Шрифт:
Закладка:
Тактика Радко-Дмитриева415 не была единичной на фронте. Деникин упоминает о ген. Цурикове, командовавшем 6-й армией на Румынском фронте, который с первых же дней согласился на введение комитетов и послал даже телеграмму командирам корпусов соседней армии с доказательством пользы нововведения. Также Деникин упоминает, что главнокомандующий Кавказского фронта «еще до узаконения военных организаций приказал, чтобы распоряжения, касающиеся устройства и быта армии, проходили через Совет солдатских депутатов». В военное министерство с разных сторон шло немало донесений о пользе, которую приносили делу «самозваные» комитеты, – они «вносили успокоение, постепенно связывая офицеров с солдатами». (См., напр., телеграммы с Зап. фронта.) Мы видели, сколь значительны должны быть поправки к утверждению Деникина («Об исправлениях истории»), что Гучков услышал из армии по вопросу об ее демократизации «вопль осуждения». Этого не было.

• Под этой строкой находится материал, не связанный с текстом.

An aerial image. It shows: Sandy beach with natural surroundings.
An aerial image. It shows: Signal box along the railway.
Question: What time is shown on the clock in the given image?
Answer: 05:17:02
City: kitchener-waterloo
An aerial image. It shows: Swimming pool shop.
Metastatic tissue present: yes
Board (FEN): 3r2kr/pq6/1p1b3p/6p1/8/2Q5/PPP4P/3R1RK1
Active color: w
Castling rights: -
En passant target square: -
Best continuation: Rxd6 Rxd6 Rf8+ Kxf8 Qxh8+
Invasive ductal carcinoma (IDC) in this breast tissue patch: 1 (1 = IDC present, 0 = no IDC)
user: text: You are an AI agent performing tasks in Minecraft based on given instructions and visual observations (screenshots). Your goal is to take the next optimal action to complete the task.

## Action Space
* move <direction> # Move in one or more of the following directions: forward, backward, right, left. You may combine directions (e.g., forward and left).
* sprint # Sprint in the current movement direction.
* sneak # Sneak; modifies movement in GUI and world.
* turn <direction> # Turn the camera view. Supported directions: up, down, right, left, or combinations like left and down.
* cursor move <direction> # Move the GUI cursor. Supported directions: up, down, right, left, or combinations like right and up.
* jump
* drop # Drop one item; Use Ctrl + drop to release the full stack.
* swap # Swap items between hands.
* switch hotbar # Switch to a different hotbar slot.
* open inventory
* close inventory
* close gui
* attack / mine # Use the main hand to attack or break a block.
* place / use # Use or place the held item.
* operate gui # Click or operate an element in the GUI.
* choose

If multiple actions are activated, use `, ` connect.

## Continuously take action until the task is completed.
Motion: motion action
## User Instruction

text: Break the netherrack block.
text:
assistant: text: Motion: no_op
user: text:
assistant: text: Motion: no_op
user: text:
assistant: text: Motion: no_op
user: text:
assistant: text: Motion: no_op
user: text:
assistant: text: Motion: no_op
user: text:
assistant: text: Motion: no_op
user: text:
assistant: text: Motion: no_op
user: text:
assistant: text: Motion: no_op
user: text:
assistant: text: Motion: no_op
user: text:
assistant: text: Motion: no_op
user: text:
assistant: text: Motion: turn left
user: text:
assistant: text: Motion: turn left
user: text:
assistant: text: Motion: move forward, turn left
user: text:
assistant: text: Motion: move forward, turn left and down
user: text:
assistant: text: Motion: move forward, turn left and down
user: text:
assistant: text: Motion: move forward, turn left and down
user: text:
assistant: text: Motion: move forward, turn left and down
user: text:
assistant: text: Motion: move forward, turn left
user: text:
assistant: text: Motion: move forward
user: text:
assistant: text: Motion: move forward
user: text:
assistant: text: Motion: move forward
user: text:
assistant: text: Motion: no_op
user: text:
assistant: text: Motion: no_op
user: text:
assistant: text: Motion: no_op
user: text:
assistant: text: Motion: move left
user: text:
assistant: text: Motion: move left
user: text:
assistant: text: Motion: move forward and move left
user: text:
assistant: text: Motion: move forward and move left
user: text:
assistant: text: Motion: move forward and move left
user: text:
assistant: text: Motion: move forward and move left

При таких условиях верховной власти не оставалось ничего другого, как пытаться легализировать комитеты – «прибрать их к рукам». «Так мы и поступили», – заключает Гучков в воспоминаниях. 28-го в Ставке состоялось совещание, на котором победила компромиссная позиция, и 30-го Алексеевым, не принадлежавшим к числу людей, для которых недоступна чужая аргументация416, было издано «временное положение об организации чинов действующей армии и флота». В основу этого «положения» лег проект, разработанный под руководством Колчака для Черноморского флота и сообщенный, очевидно, в Ставке – Верховским.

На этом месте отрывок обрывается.